Как вспоминает пользователь ЖЖ yapet, посещавший кремлевское представление в начале 1980-х годов, сначала толпу детей, сдавших одежду в гардероб, запускали в зал, где они минут 30 смотрели какие-нибудь свежие мультфильмы, а потом начиналось представление. «Все худшие пороки театров собирало оно, и смотреть его было трудно. Но надо, ведь тебя потом о визите в Кремль будут расспрашивать родители и одноклассники. Сюжет был чудовищен, хотя применялись нешуточные сценические спецэффекты — полеты над сценой на тросе, шум, свет и прочее такое», — вспоминает он.
После этого дети получали одежду в гардеробе, выходили на улицу и «двигались по овальной петле», откуда родители выхватывали их как вещи с ленты транспортера. Кого не забрали на первом проходе, мог дальше кружить восемь-десять раз, пока родители, наконец, не заметят его.
Конечно же, выдавали подарки в пластмассовой коробке в виде башни Кремля с самыми дефицитными конфетами (к 80-м жестяные короба канули в Лету). В подобных пластиковых вместилищах выдавали их и на других крупных елках, только там это мог быть, скажем, синий пластмассовый будильник, наполненный конфетами с начинкой, которые никто не любил, а каких-нибудь «Мишек в лесу» там было всего одна-две штуки.
Формат новогодней елки, возникший в 1960-е годы прошлого века, оказался на редкость живучим. За примером долго ходить не надо — достаточно посмотреть на прошлогоднее представление в Государственном Кремлевском Дворце.
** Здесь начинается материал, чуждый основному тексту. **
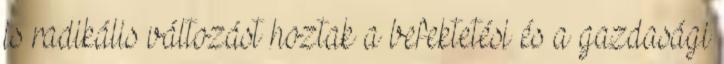
is radikális változást hoztak a befektetési és a gazdasági
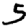
Digit: 5
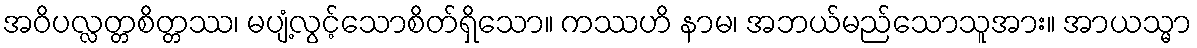
အဝိပလ္လတ္တစိတ္တဿ၊ မပျံ့လွင့်သောစိတ်ရှိသော။ ကဿဟိ နာမ၊ အဘယ်မည်သောသူအား။ အာယသ္မာ
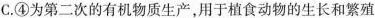
C.④为第二次的有机物质生产，用于植食动物的生长和繁殖
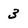
Character: 3
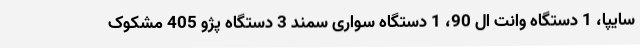
سایپا، 1 دستگاه وانت ال 90، 1 دستگاه سواری سمند 3 دستگاه پژو 405 مشکوک
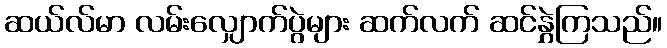
ဆယ်လ်မာ လမ်းလျှောက်ပွဲများ ဆက်လက် ဆင်နွှဲကြသည်။
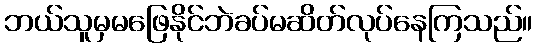
ဘယ်သူမှမဖြေနိုင်ဘဲခပ်မဆိတ်လုပ်နေကြသည်။
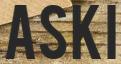
ASKI
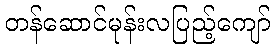
တန်ဆောင်မုန်းလပြည့်ကျော်
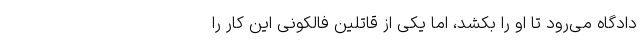
دادگاه می‌رود تا او را بکشد، اما یکی از قاتلین فالکونی این کار را
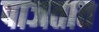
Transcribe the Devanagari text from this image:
पाजतात
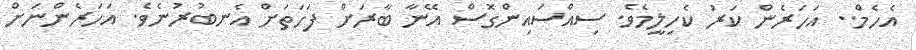
އެހެމް.. އަހަރެން ކަރު ކެހިލީމެވެ. ސިއްސައިންގޮސް އޭނާ ބާރަށް ފަހަތަށް އެނބުރުނެވެ. އަހަރެންނަށް
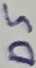
Text: D5
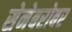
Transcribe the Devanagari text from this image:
सेनेबरोबर
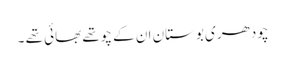
چودھری بوستان ان کے چوتھے بھائی تھے ۔
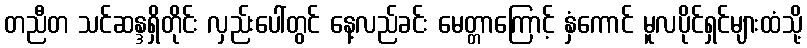
တညီတ သင်ဆန္ဒရှိတိုင်း လှည်းပေါ်တွင် နေ့လည်ခင်း မေတ္တာကြောင့် နှံကောင် မူလပိုင်ရှင်များထံသို့
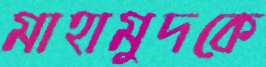
মাহামুদকে
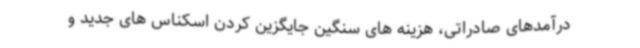
درآمدهای صادراتی، هزینه های سنگین جایگزین کردن اسکناس های جدید و
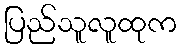
ပြည်သူလူထုက
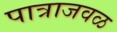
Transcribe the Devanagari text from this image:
पात्राजवळ
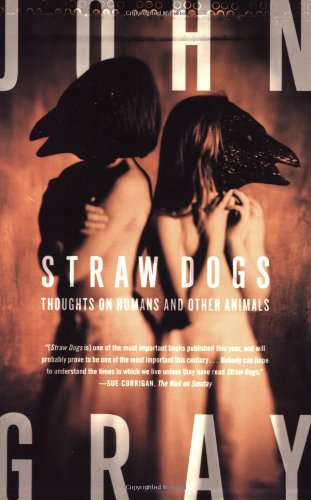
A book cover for Straw Dogs: Thoughts on Humans and Other Animals; John Gray; Science & Math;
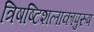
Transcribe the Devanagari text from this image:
त्रिषष्टिशलाकापुरुष
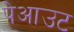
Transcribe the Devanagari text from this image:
पेआउट
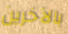
بالآخرين
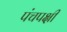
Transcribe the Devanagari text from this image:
पंचपक्षी
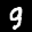
Label: 9
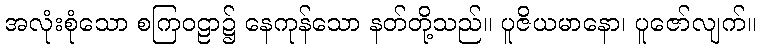
အလုံးစုံသော စကြဝဠာ၌ နေကုန်သော နတ်တို့သည်။ ပူဇိယမာနော၊ ပူဇော်လျက်။
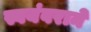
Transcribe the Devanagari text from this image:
स्वयंवराने
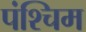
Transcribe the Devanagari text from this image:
पंश्चिम
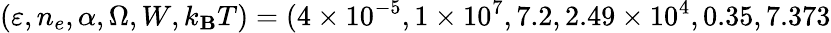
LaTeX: (\varepsilon,n_{e},\alpha,\Omega,W,k_{\mathbf{B}}T)=(4\times10^{-5},1\times10^{7},7.2,2.49\times10^{4},0.35,7.373
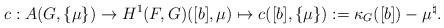
LaTeX: \begin{align*} c:A(G, \{\mu\})\rightarrow H^1(F,G)([b],\mu)\mapsto c([b], \{\mu\}):=\kappa_G([b])-\mu^\natural . \end{align*}
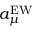
a _ { \mu } ^ { \mathrm { E W } }
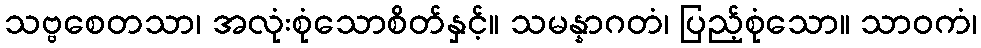
သဗ္ဗစေတသာ၊ အလုံးစုံသောစိတ်နှင့်။ သမန္နာဂတံ၊ ပြည့်စုံသော။ သာဝကံ၊
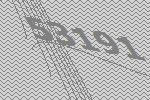
53191
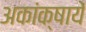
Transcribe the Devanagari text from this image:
अकांक्षायें
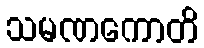
သမဏကောတိ
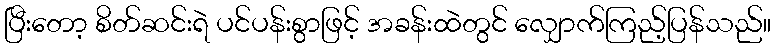
ပြီးတော့ စိတ်ဆင်းရဲ ပင်ပန်းစွာဖြင့် အခန်းထဲတွင် လျှောက်ကြည့်ပြန်သည်။
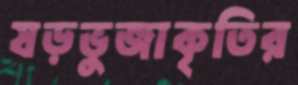
ষড়ভুজাকৃতির
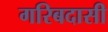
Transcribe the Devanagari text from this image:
गरिबदासी
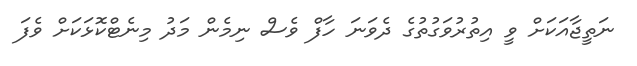
ނަތީޖާއަކަށް ވީ އިތުރުވަގުތުގެ ދެވަނަ ހާފް ވެސް ނިމެން މަދު މިނެޓްކޮޅަކަށް ވެފަ
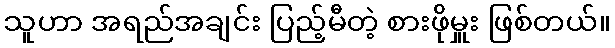
သူဟာ အရည်အချင်း ပြည့်မီတဲ့ စားဖိုမှူး ဖြစ်တယ်။
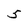
Character: 5
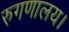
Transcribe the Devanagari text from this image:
रुगणालय।
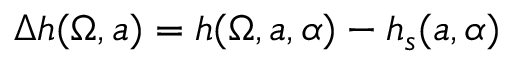
\Delta { h } ( \Omega , a ) = h ( \Omega , a , \alpha ) - h _ { s } ( a , \alpha )
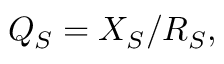
\begin{array} { r } { Q _ { S } = X _ { S } / R _ { S } , } \end{array}
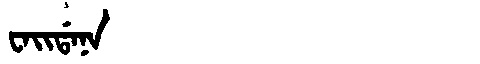
Manchu: ᠸᠠᡳᡩᠠᠨᠠ
Romanization: WAIDANA
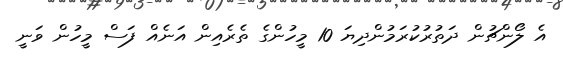
އެ ލޯންޗުން ދަތުރުކުރަމުންދިޔަ 10 މީހުންގެ ތެރެއިން އަނެއް ފަސް މީހުން ވަނީ
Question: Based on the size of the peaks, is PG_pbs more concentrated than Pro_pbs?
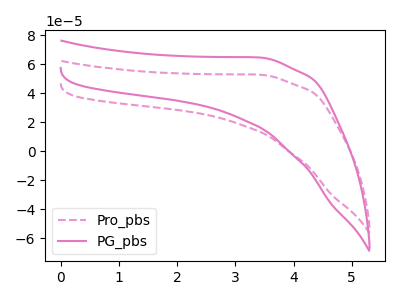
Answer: <think>The pink dashed curve "Pro_pbs" has no peaks. The pink curve "PG_pbs" has no peaks.
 Neither "Pro_pbs" or "PG_pbs" have any peaks.</think>
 <answer>I cant tell if "Pro_pbs" or "PG_pbs" has higher concentration.</answer>
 <eval>mixed_concentration</eval>
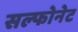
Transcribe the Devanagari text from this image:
सल्फोनेट
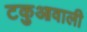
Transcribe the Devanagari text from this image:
टकुआवाली
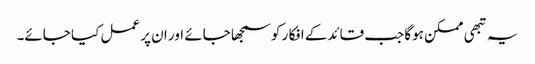
یہ تبھی ممکن ہوگا جب قائدکے افکا ر کو سمجھا جائے اور ان پر عمل کیا جائے۔
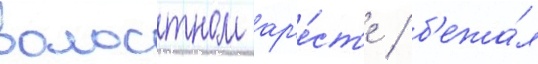
волостном ар'е́ст'е / б'ежа́л
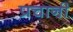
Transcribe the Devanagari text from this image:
प्रचानी
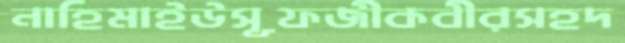
নাহিমাইউসূফজীকবীরসহদ
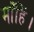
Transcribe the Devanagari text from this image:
माँहिं।
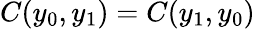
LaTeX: C(y_{0},y_{1})=C(y_{1},y_{0})
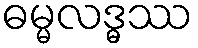
ဓမ္မလဒ္ဓဿ
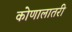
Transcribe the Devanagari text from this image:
कोणालातरी
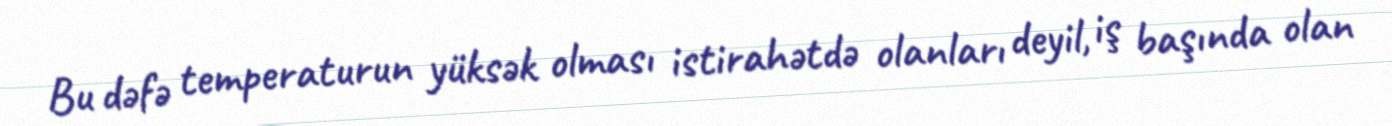
Bu dəfə temperaturun yüksək olması istirahətdə olanları deyil, iş başında olan
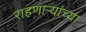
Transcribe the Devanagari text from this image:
राहणार्‍यांच्या
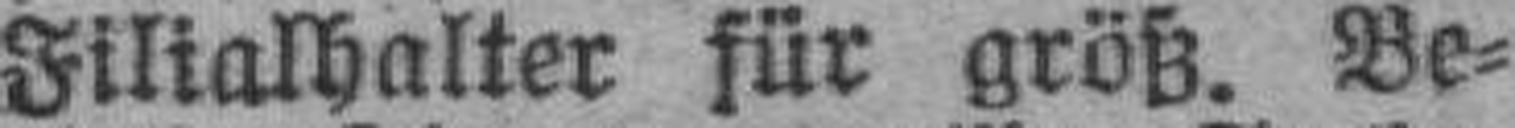
Filialhalter für größ. Be¬
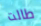
طالت
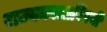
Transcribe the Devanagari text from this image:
राज्यकालाविषयी
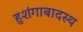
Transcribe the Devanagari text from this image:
हुशंगाबादस्थ
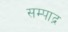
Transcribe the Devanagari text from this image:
सम्पाद्न
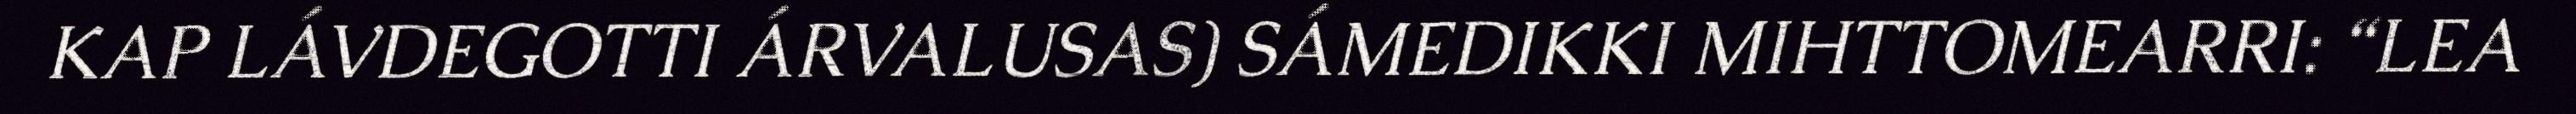
KAP LÁVDEGOTTI ÁRVALUSAS) SÁMEDIKKI MIHTTOMEARRI: “LEA
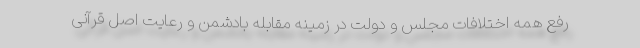
رفع همه اختلافات مجلس و دولت در زمینه مقابله بادشمن و رعایت اصل قرآنی
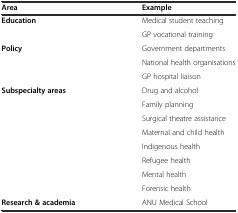
<table><thead><tr><td><b>Area</b></td><td><b>Example</b></td></tr></thead><tbody><tr><td><b>Education</b></td><td>Medical student teaching</td></tr><tr><td></td><td>GP vocational training</td></tr><tr><td><b>Policy</b></td><td>Government departments</td></tr><tr><td></td><td>National health organisations</td></tr><tr><td></td><td>GP hospital liaison</td></tr><tr><td><b>Subspecialty areas</b></td><td>Drug and alcohol</td></tr><tr><td></td><td>Family planning</td></tr><tr><td></td><td>Surgical theatre assistance</td></tr><tr><td></td><td>Maternal and child health</td></tr><tr><td></td><td>Indigenous health</td></tr><tr><td></td><td>Refugee health</td></tr><tr><td></td><td>Mental health</td></tr><tr><td></td><td>Forensic health</td></tr><tr><td><b>Research &amp; academia</b></td><td>ANU Medical School</td></tr></tbody></table>
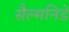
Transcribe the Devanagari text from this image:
सैल्मनिडे
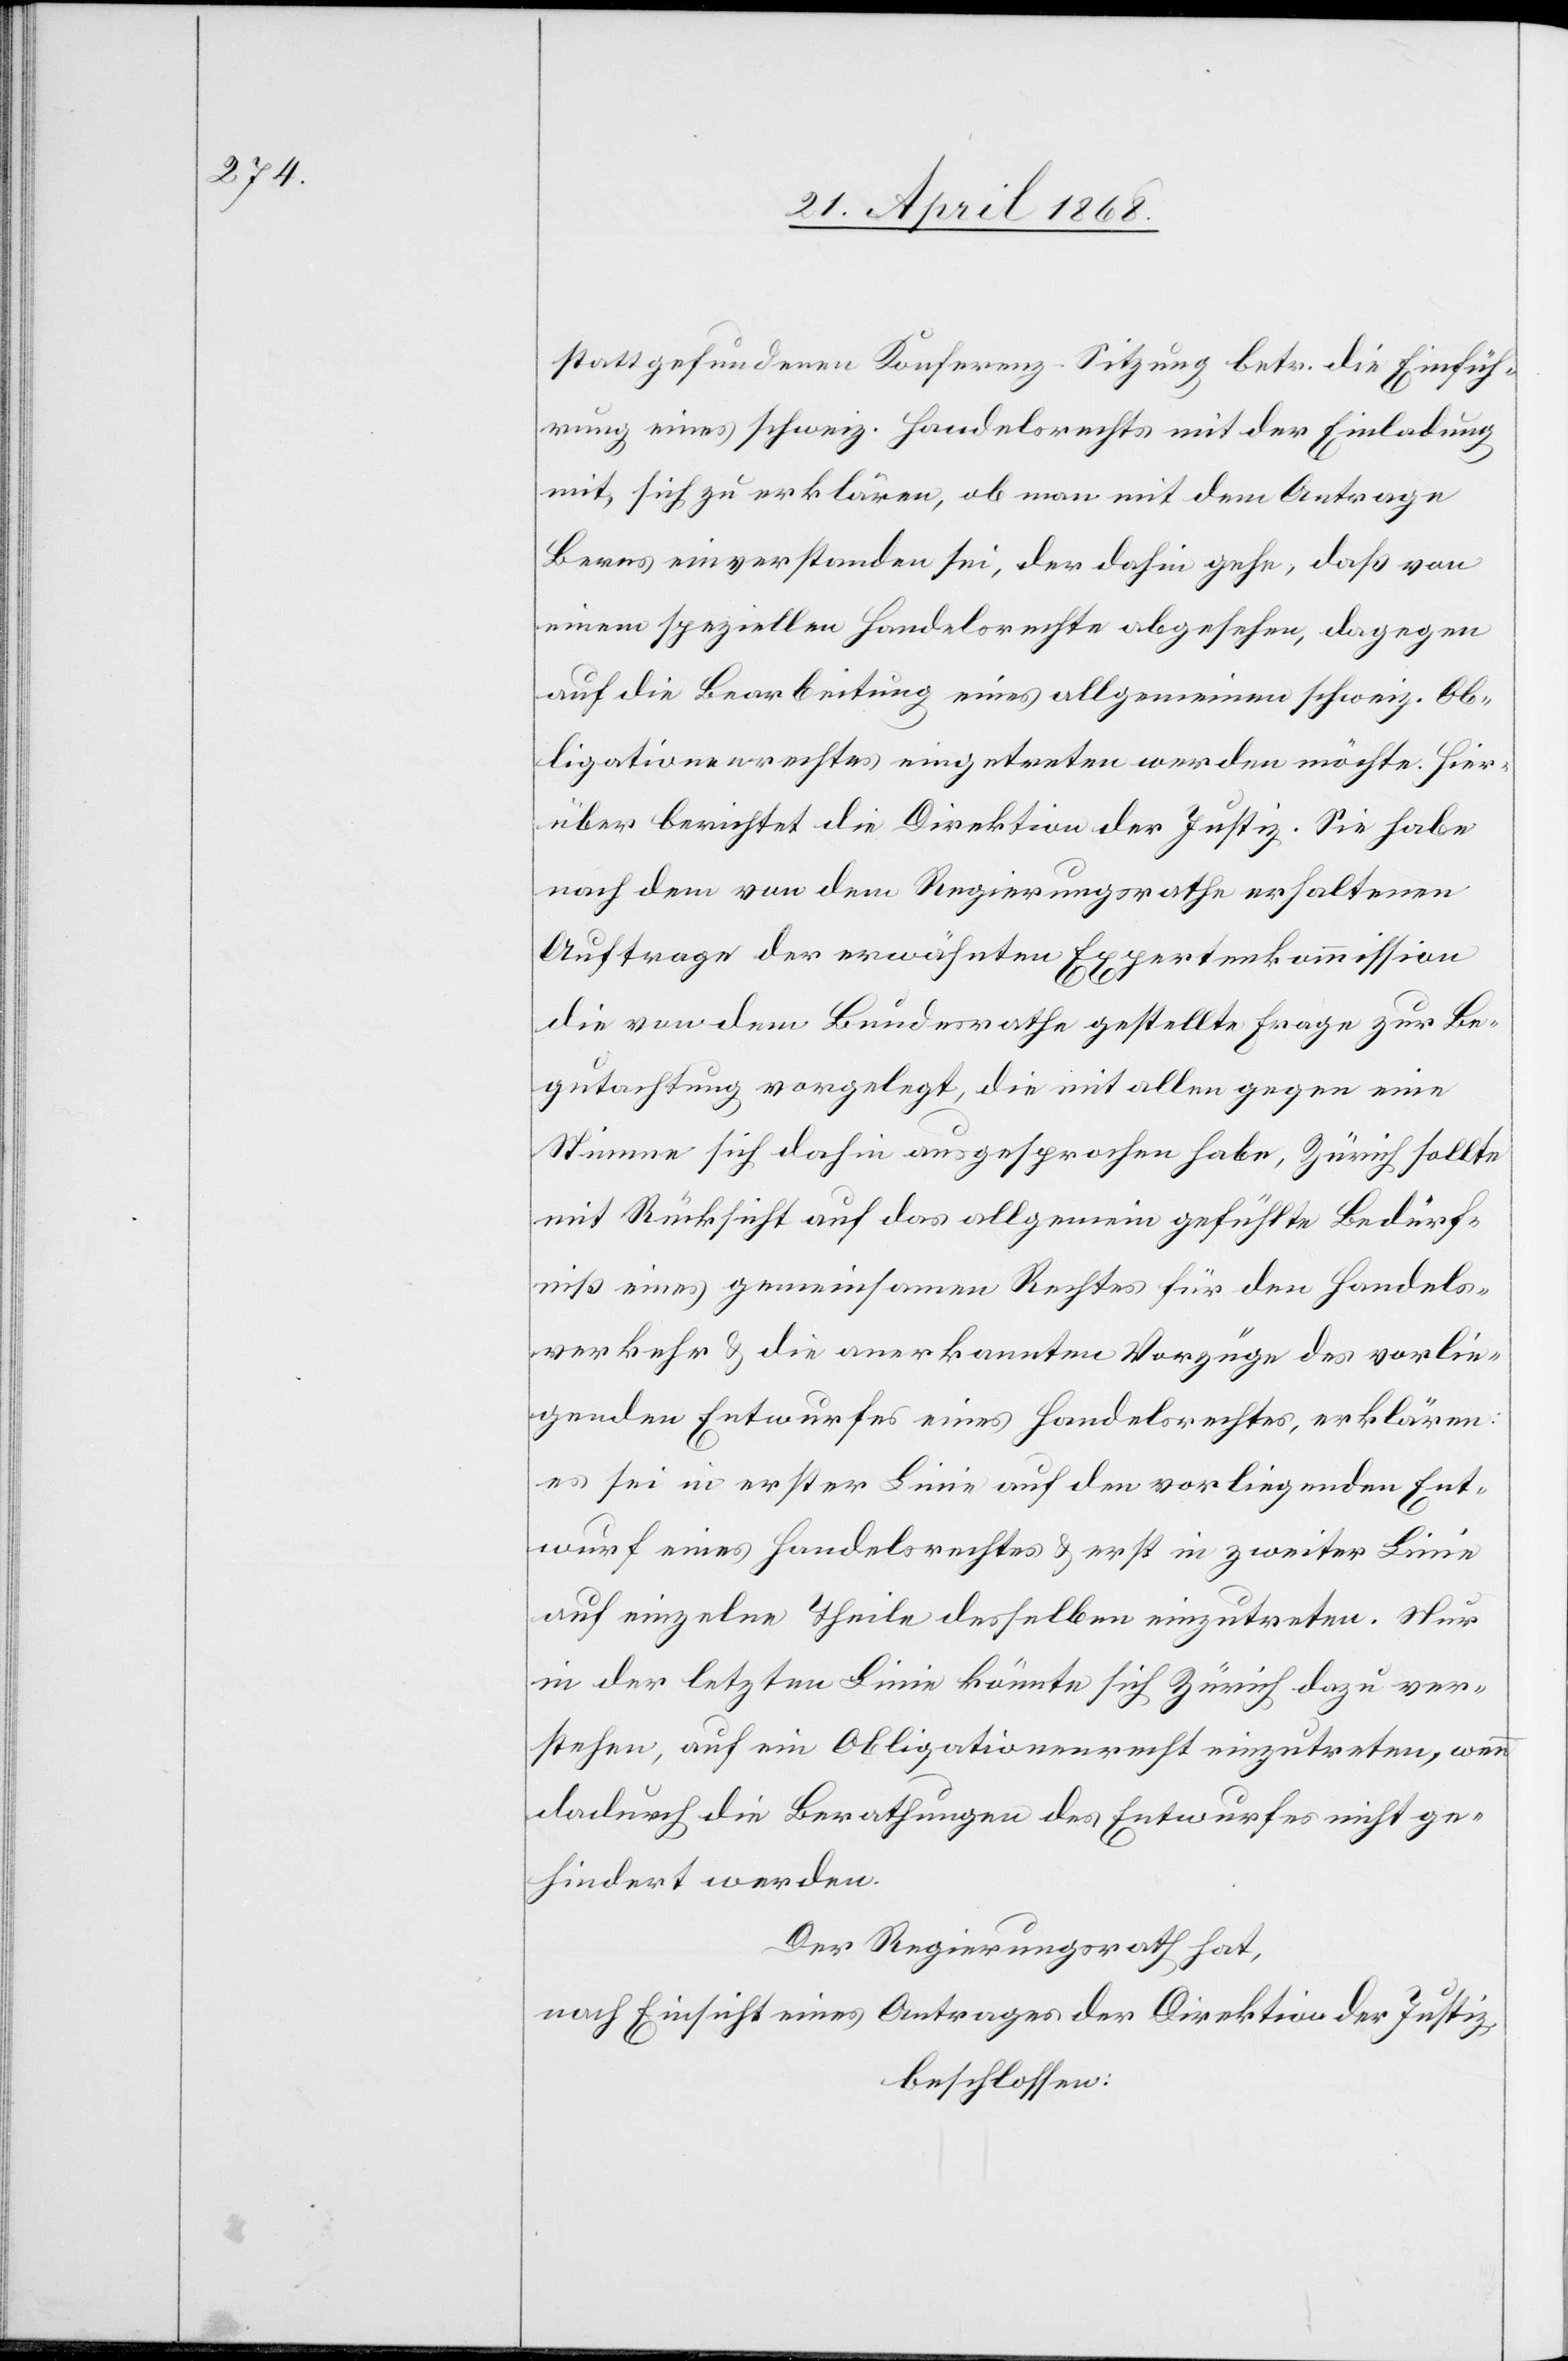
stattgefundenen Konferenz-Sitzung betr. die Einfüh¬
rung eines schweiz. Handelsrechts mit der Einladung
mit, sich zu erklären, ob man mit dem Antrage
Berns einverstanden sei, der dahin gehe, daß von
einem speziellen Handelsrechte abgesehen, dagegen
auf die Bearbeitung eines allgemeinen schweiz. Ob¬
ligationenrechtes eingetreten werden möchte. Hier¬
über berichtet die Direktion der Justiz. Sie habe
nach dem von dem Regierungsrathe erhaltenen
Auftrage der erwähnten Expertenkommission
die von dem Bundesrathe gestellte Frage zur Be¬
gutachtung vorgelegt, die mit allen gegen eine
Stimme sich dahin ausgesprochen habe, Zürich sollte
mit Rücksicht auf das allgemein gefühlte Bedürf¬
niß eines gemeinsamen Rechtes für den Handels¬
verkehr & die anerkannten Vorzüge des vorlie¬
genden Entwurfes eines Handelsrechtes, erklären:
es sei in erster Linie auf den vorliegenden Ent¬
wurf eines Handelsrechtes & erst in zweiter Linie
auf einzelne Theile desselben einzutreten. Nur
in der letzten Linie könnte sich Zürich dazu ver¬
stehen, auf ein Obligationenrecht einzutreten, wenn
dadurch die Berathungen des Entwurfes nicht ge¬
hindert werden.
Der Regierungsrath hat,
nach Einsicht eines Antrages der Direktion der Justiz,
beschlossen:
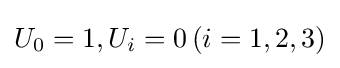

Если не принимать во внимание гигантские экраны в глубине сцены, на которых демонстрируются соответствующие сценарию задники, то все осталось как прежде. Лесным зверушкам нужна елка, чтобы к ним приехали Дед Мороз и Снегурочка, которые, соответственно, эту елочку зажгут. Им по традиции мешают Кощей и Баба-яга. Все, как всегда, заканчивается хорошо, а песни, которые поют персонажи, вплоть до слов и аранжировок, запросто могли бы звучать в 70-80-х годах на аналогичном торжестве.
Весь этот формат настолько прост и бессодержателен, что сюжет его забывается еще до выхода из зала. Остаются конфеты, толчея в фойе и ощущение чего-то большого, ожидание, которое вроде бы оправдалось, но почему и как — не знает никто.